The top‑ranked model for Variant 4 had an ipTM of 0.13, a pTM of 0.191, and an average pLDDT of 37.8. These values are consistent with the other variants. The Y39L mutation, positioned near the start of the transmembrane region, replaces a bulky aromatic residue with a smaller, more hydrophobic leucine, which may facilitate tighter helix packing. The F5Q mutation again adds a polar residue on the soluble domain surface. The predicted structure retains the ring‑like oligomer, with the transmembrane helices forming a central pore. The mutations do not introduce any obvious steric clashes, and the model suggests that the octameric assembly is preserved.

The top‑ranked model for Variant 5 gave an ipTM of 0.125, a pTM of 0.188, and an average pLDDT of 37.5, mirroring the low confidence seen throughout. The K50L mutation, which had the highest ESM2 score, replaces a charged lysine with a hydrophobic leucine in the transmembrane helix. The S15A mutation is an experimentally validated conservative change in the soluble domain. The predicted structure shows the leucine residues contributing to a more hydrophobic interface between helices, potentially stabilizing the pore. The soluble domain retains its extended conformation, and the overall assembly remains a plausible membrane‑perforating ring.

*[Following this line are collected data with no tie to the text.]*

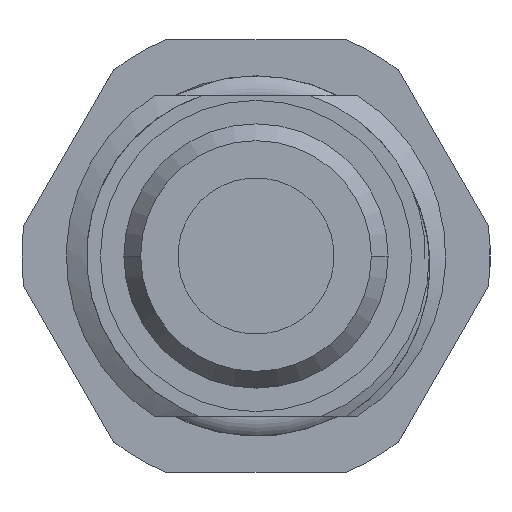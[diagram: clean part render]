
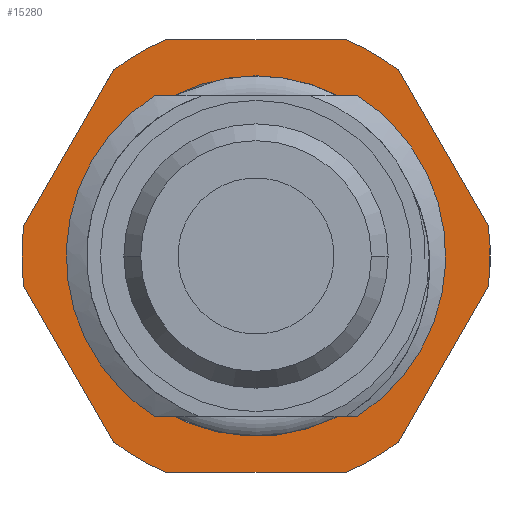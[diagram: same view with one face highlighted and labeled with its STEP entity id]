
A CAD part, front view. The second image highlights one B-rep face of the part: STEP entity #15280.
In plain terms, the highlighted planar face has unit normal (0, -1, 0).
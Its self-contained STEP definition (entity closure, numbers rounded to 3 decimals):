
#4308=DIRECTION('',(1.,0.,0.));
#4309=VECTOR('',#4308,0.217);
#4310=CARTESIAN_POINT('',(-3.588,-5.2,6.7));
#4311=LINE('',#4310,#4309);
#4328=DIRECTION('',(1.,0.,0.));
#4329=VECTOR('',#4328,0.815);
#4330=CARTESIAN_POINT('',(3.37,-5.2,6.7));
#4331=LINE('',#4330,#4329);
#4332=DIRECTION('',(-0.5,0.,-0.866));
#4333=VECTOR('',#4332,7.5);
#4334=CARTESIAN_POINT('',(9.669,-5.2,-1.252));
#4335=LINE('',#4334,#4333);
#4336=CARTESIAN_POINT('',(0.,-5.2,0.));
#4337=DIRECTION('',(0.,1.,0.));
#4338=DIRECTION('',(0.607,0.,-0.795));
#4339=AXIS2_PLACEMENT_3D('',#4336,#4337,#4338);
#4341=DIRECTION('',(-1.,0.,0.));
#4342=VECTOR('',#4341,7.5);
#4343=CARTESIAN_POINT('',(3.75,-5.2,-9.));
#4344=LINE('',#4343,#4342);
#4345=CARTESIAN_POINT('',(0.,-5.2,0.));
#4346=DIRECTION('',(0.,1.,0.));
#4347=DIRECTION('',(-0.385,0.,-0.923));
#4348=AXIS2_PLACEMENT_3D('',#4345,#4346,#4347);
#4350=DIRECTION('',(-0.5,0.,0.866));
#4351=VECTOR('',#4350,7.5);
#4352=CARTESIAN_POINT('',(-5.919,-5.2,-7.748));
#4353=LINE('',#4352,#4351);
#4354=DIRECTION('',(0.5,0.,0.866));
#4355=VECTOR('',#4354,7.5);
#4356=CARTESIAN_POINT('',(-9.669,-5.2,1.252));
#4357=LINE('',#4356,#4355);
#4358=CARTESIAN_POINT('',(0.,-5.2,0.));
#4359=DIRECTION('',(0.,1.,0.));
#4360=DIRECTION('',(-0.607,0.,0.795));
#4361=AXIS2_PLACEMENT_3D('',#4358,#4359,#4360);
#4363=DIRECTION('',(1.,0.,0.));
#4364=VECTOR('',#4363,7.5);
#4365=CARTESIAN_POINT('',(-3.75,-5.2,9.));
#4366=LINE('',#4365,#4364);
#4367=CARTESIAN_POINT('',(0.,-5.2,0.));
#4368=DIRECTION('',(0.,1.,0.));
#4369=DIRECTION('',(0.385,0.,0.923));
#4370=AXIS2_PLACEMENT_3D('',#4367,#4368,#4369);
#4372=DIRECTION('',(0.5,0.,-0.866));
#4373=VECTOR('',#4372,7.5);
#4374=CARTESIAN_POINT('',(5.919,-5.2,7.748));
#4375=LINE('',#4374,#4373);
#4376=CARTESIAN_POINT('',(0.,-5.2,0.));
#4377=DIRECTION('',(0.,1.,0.));
#4378=DIRECTION('',(-1.,0.,0.));
#4379=AXIS2_PLACEMENT_3D('',#4376,#4377,#4378);
#4381=CARTESIAN_POINT('',(0.,-5.2,0.));
#4382=DIRECTION('',(0.,1.,0.));
#4383=DIRECTION('',(0.994,0.,-0.114));
#4384=AXIS2_PLACEMENT_3D('',#4381,#4382,#4383);
#4386=CARTESIAN_POINT('',(0.,-5.2,0.));
#4387=DIRECTION('',(0.,1.,0.));
#4388=DIRECTION('',(-0.449,0.,0.893));
#4389=AXIS2_PLACEMENT_3D('',#4386,#4387,#4388);
#4396=CARTESIAN_POINT('',(0.,-5.2,0.));
#4397=DIRECTION('',(0.,-1.,0.));
#4398=DIRECTION('',(0.992,0.,-0.128));
#4399=AXIS2_PLACEMENT_3D('',#4396,#4397,#4398);
#4579=CARTESIAN_POINT('',(0.,-5.2,0.));
#4580=DIRECTION('',(0.,-1.,0.));
#4581=DIRECTION('',(-0.992,0.,0.128));
#4582=AXIS2_PLACEMENT_3D('',#4579,#4580,#4581);
#4739=CARTESIAN_POINT('',(5.192,-5.2,5.954));
#4740=CARTESIAN_POINT('',(5.358,-5.2,5.793));
#4741=CARTESIAN_POINT('',(5.674,-5.2,5.46));
#4742=CARTESIAN_POINT('',(6.101,-5.2,4.92));
#4743=CARTESIAN_POINT('',(6.478,-5.2,4.347));
#4744=CARTESIAN_POINT('',(6.802,-5.2,3.745));
#4745=CARTESIAN_POINT('',(7.071,-5.2,3.12));
#4746=CARTESIAN_POINT('',(7.284,-5.2,2.474));
#4747=CARTESIAN_POINT('',(7.437,-5.2,1.816));
#4748=CARTESIAN_POINT('',(7.533,-5.2,1.148));
#4749=CARTESIAN_POINT('',(7.568,-5.2,0.478));
#4750=CARTESIAN_POINT('',(7.544,-5.2,-0.192));
#4751=CARTESIAN_POINT('',(7.489,-5.2,-0.632));
#4752=CARTESIAN_POINT('',(7.452,-5.2,-0.851));
#5351=CARTESIAN_POINT('',(-5.023,-5.2,5.57));
#5352=CARTESIAN_POINT('',(-4.88,-5.2,5.713));
#5353=CARTESIAN_POINT('',(-4.584,-5.2,5.989));
#5354=CARTESIAN_POINT('',(-4.102,-5.2,6.368));
#5355=CARTESIAN_POINT('',(-3.763,-5.2,6.594));
#5356=CARTESIAN_POINT('',(-3.588,-5.2,6.7));
#5637=CARTESIAN_POINT('',(4.186,-5.2,6.7));
#5638=CARTESIAN_POINT('',(4.363,-5.2,6.589));
#5639=CARTESIAN_POINT('',(4.708,-5.2,6.354));
#5640=CARTESIAN_POINT('',(5.034,-5.2,6.092));
#5641=CARTESIAN_POINT('',(5.192,-5.2,5.954));
#9755=CARTESIAN_POINT('',(5.919,-5.2,-7.748));
#9756=CARTESIAN_POINT('',(3.75,-5.2,-9.));
#9757=VERTEX_POINT('',#9755);
#9758=VERTEX_POINT('',#9756);
#9759=CARTESIAN_POINT('',(-3.75,-5.2,-9.));
#9760=CARTESIAN_POINT('',(-5.919,-5.2,-7.748));
#9761=VERTEX_POINT('',#9759);
#9762=VERTEX_POINT('',#9760);
#9763=CARTESIAN_POINT('',(-5.919,-5.2,7.748));
#9764=CARTESIAN_POINT('',(-3.75,-5.2,9.));
#9765=VERTEX_POINT('',#9763);
#9766=VERTEX_POINT('',#9764);
#9767=CARTESIAN_POINT('',(3.75,-5.2,9.));
#9768=CARTESIAN_POINT('',(5.919,-5.2,7.748));
#9769=VERTEX_POINT('',#9767);
#9770=VERTEX_POINT('',#9768);
#9771=CARTESIAN_POINT('',(-9.669,-5.2,-1.252));
#9772=VERTEX_POINT('',#9771);
#9773=CARTESIAN_POINT('',(-9.669,-5.2,1.252));
#9774=VERTEX_POINT('',#9773);
#9775=CARTESIAN_POINT('',(9.669,-5.2,1.252));
#9776=VERTEX_POINT('',#9775);
#9777=CARTESIAN_POINT('',(9.669,-5.2,-1.252));
#9778=VERTEX_POINT('',#9777);
#9813=CARTESIAN_POINT('',(-3.588,-5.2,6.7));
#9814=CARTESIAN_POINT('',(-3.37,-5.2,6.7));
#9815=VERTEX_POINT('',#9813);
#9816=VERTEX_POINT('',#9814);
#9817=CARTESIAN_POINT('',(3.37,-5.2,6.7));
#9818=CARTESIAN_POINT('',(4.186,-5.2,6.7));
#9819=VERTEX_POINT('',#9817);
#9820=VERTEX_POINT('',#9818);
#9858=VERTEX_POINT('',#4739);
#9859=VERTEX_POINT('',#4752);
#9860=VERTEX_POINT('',#5351);
#9862=CARTESIAN_POINT('',(-7.5,-5.2,0.));
#9863=VERTEX_POINT('',#9862);
#15233=CARTESIAN_POINT('',(0.,-5.2,0.));
#15234=DIRECTION('',(0.,1.,0.));
#15235=DIRECTION('',(-1.,0.,0.));
#15236=AXIS2_PLACEMENT_3D('',#15233,#15234,#15235);
#15237=PLANE('',#15236);
#15239=ORIENTED_EDGE('',*,*,#15238,.F.);
#15241=ORIENTED_EDGE('',*,*,#15240,.T.);
#15243=ORIENTED_EDGE('',*,*,#15242,.T.);
#15245=ORIENTED_EDGE('',*,*,#15244,.T.);
#15247=ORIENTED_EDGE('',*,*,#15246,.T.);
#15249=ORIENTED_EDGE('',*,*,#15248,.T.);
#15251=ORIENTED_EDGE('',*,*,#15250,.F.);
#15253=ORIENTED_EDGE('',*,*,#15252,.T.);
#15255=ORIENTED_EDGE('',*,*,#15254,.T.);
#15257=ORIENTED_EDGE('',*,*,#15256,.T.);
#15259=ORIENTED_EDGE('',*,*,#15258,.T.);
#15261=ORIENTED_EDGE('',*,*,#15260,.T.);
#15262=EDGE_LOOP('',(#15239,#15241,#15243,#15245,#15247,#15249,#15251,#15253,
#15255,#15257,#15259,#15261));
#15263=FACE_OUTER_BOUND('',#15262,.F.);
#15264=ORIENTED_EDGE('',*,*,#15153,.F.);
#15266=ORIENTED_EDGE('',*,*,#15265,.F.);
#15268=ORIENTED_EDGE('',*,*,#15267,.F.);
#15270=ORIENTED_EDGE('',*,*,#15269,.F.);
#15272=ORIENTED_EDGE('',*,*,#15271,.F.);
#15274=ORIENTED_EDGE('',*,*,#15273,.F.);
#15275=ORIENTED_EDGE('',*,*,#15196,.F.);
#15277=ORIENTED_EDGE('',*,*,#15276,.F.);
#15278=EDGE_LOOP('',(#15264,#15266,#15268,#15270,#15272,#15274,#15275,#15277));
#15279=FACE_BOUND('',#15278,.F.);
#4340=CIRCLE('',#4339,9.75);
#4349=CIRCLE('',#4348,9.75);
#4362=CIRCLE('',#4361,9.75);
#4371=CIRCLE('',#4370,9.75);
#4380=CIRCLE('',#4379,7.5);
#4385=CIRCLE('',#4384,7.5);
#4390=CIRCLE('',#4389,7.5);
#4400=CIRCLE('',#4399,9.75);
#4583=CIRCLE('',#4582,9.75);
#4753=B_SPLINE_CURVE_WITH_KNOTS('',3,(#4739,#4740,#4741,#4742,#4743,#4744,#4745,
#4746,#4747,#4748,#4749,#4750,#4751,#4752),.UNSPECIFIED.,.F.,.F.,(4,1,1,1,1,1,1,
1,1,1,1,4),(0.,0.091,0.182,0.273,
0.364,0.455,0.545,0.636,
0.727,0.818,0.909,1.),.UNSPECIFIED.);
#5357=B_SPLINE_CURVE_WITH_KNOTS('',3,(#5351,#5352,#5353,#5354,#5355,#5356),
.UNSPECIFIED.,.F.,.F.,(4,1,1,4),(0.,0.333,0.667,1.),
.UNSPECIFIED.);
#5642=B_SPLINE_CURVE_WITH_KNOTS('',3,(#5637,#5638,#5639,#5640,#5641),
.UNSPECIFIED.,.F.,.F.,(4,1,4),(0.,0.5,1.),.UNSPECIFIED.);
#15153=EDGE_CURVE('',#9815,#9816,#4311,.T.);
#15196=EDGE_CURVE('',#9819,#9820,#4331,.T.);
#15238=EDGE_CURVE('',#9778,#9776,#4400,.T.);
#15240=EDGE_CURVE('',#9778,#9757,#4335,.T.);
#15242=EDGE_CURVE('',#9757,#9758,#4340,.T.);
#15244=EDGE_CURVE('',#9758,#9761,#4344,.T.);
#15246=EDGE_CURVE('',#9761,#9762,#4349,.T.);
#15248=EDGE_CURVE('',#9762,#9772,#4353,.T.);
#15250=EDGE_CURVE('',#9774,#9772,#4583,.T.);
#15252=EDGE_CURVE('',#9774,#9765,#4357,.T.);
#15254=EDGE_CURVE('',#9765,#9766,#4362,.T.);
#15256=EDGE_CURVE('',#9766,#9769,#4366,.T.);
#15258=EDGE_CURVE('',#9769,#9770,#4371,.T.);
#15260=EDGE_CURVE('',#9770,#9776,#4375,.T.);
#15265=EDGE_CURVE('',#9860,#9815,#5357,.T.);
#15267=EDGE_CURVE('',#9863,#9860,#4380,.T.);
#15269=EDGE_CURVE('',#9859,#9863,#4385,.T.);
#15271=EDGE_CURVE('',#9858,#9859,#4753,.T.);
#15273=EDGE_CURVE('',#9820,#9858,#5642,.T.);
#15276=EDGE_CURVE('',#9816,#9819,#4390,.T.);
#15280=ADVANCED_FACE('',(#15263,#15279),#15237,.F.);

Across all five variants, AlphaFold‑Multimer predicts that the octameric assembly is maintained, with the transmembrane helices forming a central pore. The confidence scores are uniformly low (ipTM ~0.13, pTM ~0.19, pLDDT ~37–38), reflecting the inherent difficulty of modelling small, flexible membrane proteins and the lack of close homologs. Nevertheless, the consistency of the ring‑like architecture across variants supports the idea that the designed mutations do not disrupt oligomerization. The hydrophobic substitutions in the transmembrane region (A45L, K50L, V40L, Y39L) appear to enhance helix‑helix packing in the models, while the soluble‑domain mutations (F5Q, S15A) are surface‑exposed and unlikely to interfere with pore formation.